Required action
Please reproduce, exactly and with nothing added, the lines of the material below that run from the one containing "#1321 = DIRECTION" to the end.

Provided data
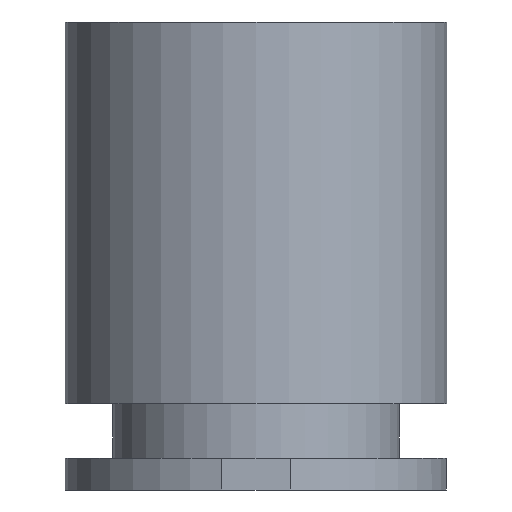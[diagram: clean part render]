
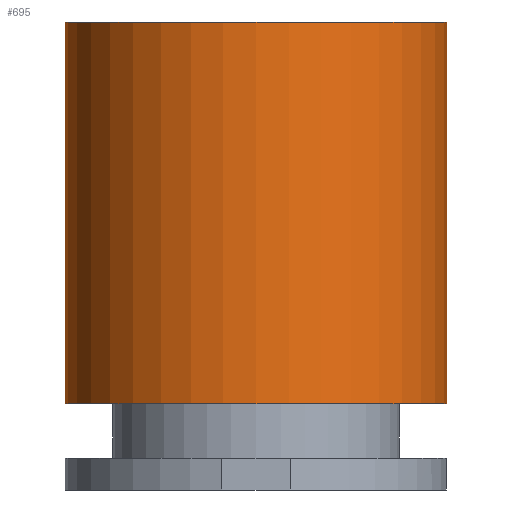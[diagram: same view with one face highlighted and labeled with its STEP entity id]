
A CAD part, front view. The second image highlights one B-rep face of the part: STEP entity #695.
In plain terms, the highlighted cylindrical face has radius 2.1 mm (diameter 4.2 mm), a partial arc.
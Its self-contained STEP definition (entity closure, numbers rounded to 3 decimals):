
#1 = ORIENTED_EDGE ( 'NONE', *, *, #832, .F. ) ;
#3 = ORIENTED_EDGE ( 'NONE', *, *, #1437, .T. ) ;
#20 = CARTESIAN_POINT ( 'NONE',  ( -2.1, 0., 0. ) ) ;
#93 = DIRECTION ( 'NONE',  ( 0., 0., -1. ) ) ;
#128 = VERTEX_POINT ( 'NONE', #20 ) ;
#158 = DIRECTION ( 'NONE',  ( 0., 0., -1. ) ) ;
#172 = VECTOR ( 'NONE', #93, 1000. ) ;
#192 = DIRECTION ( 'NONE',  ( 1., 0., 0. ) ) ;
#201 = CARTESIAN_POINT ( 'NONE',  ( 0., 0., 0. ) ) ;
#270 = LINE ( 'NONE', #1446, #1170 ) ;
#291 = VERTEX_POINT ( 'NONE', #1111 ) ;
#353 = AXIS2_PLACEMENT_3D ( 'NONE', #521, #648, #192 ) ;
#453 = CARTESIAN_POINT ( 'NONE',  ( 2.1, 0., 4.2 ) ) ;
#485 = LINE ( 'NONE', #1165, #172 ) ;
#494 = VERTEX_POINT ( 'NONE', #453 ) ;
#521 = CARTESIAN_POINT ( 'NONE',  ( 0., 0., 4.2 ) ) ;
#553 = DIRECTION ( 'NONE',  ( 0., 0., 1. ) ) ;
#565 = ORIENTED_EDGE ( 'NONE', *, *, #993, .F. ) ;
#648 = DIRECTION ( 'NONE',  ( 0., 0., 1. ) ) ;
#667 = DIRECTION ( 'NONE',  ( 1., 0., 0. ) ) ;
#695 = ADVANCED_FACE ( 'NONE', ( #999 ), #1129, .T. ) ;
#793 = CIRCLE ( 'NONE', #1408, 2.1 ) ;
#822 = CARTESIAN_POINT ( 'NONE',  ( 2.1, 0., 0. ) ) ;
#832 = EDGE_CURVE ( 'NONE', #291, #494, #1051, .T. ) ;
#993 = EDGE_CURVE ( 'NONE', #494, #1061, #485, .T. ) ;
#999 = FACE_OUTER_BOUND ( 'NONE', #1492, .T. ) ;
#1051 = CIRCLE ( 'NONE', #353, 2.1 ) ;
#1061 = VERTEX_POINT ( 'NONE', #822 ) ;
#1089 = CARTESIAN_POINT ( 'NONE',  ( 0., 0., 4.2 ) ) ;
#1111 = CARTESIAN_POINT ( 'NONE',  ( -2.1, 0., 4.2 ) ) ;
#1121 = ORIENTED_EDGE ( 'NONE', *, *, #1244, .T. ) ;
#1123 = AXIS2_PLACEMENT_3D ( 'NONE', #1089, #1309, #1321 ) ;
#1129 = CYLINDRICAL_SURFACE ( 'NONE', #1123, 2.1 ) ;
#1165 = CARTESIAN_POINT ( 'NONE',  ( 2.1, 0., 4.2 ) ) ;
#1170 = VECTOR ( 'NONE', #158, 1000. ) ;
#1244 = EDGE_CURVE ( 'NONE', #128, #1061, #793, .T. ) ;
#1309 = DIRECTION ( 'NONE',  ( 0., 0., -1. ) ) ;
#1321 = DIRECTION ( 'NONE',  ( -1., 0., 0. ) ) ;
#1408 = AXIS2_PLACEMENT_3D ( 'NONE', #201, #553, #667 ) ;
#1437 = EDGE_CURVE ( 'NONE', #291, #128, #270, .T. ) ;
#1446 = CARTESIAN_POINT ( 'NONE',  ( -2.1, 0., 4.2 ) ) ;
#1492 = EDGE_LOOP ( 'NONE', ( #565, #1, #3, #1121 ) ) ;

Task output
#1321 = DIRECTION ( 'NONE',  ( -1., 0., 0. ) ) ;
#1408 = AXIS2_PLACEMENT_3D ( 'NONE', #201, #553, #667 ) ;
#1437 = EDGE_CURVE ( 'NONE', #291, #128, #270, .T. ) ;
#1446 = CARTESIAN_POINT ( 'NONE',  ( -2.1, 0., 4.2 ) ) ;
#1492 = EDGE_LOOP ( 'NONE', ( #565, #1, #3, #1121 ) ) ;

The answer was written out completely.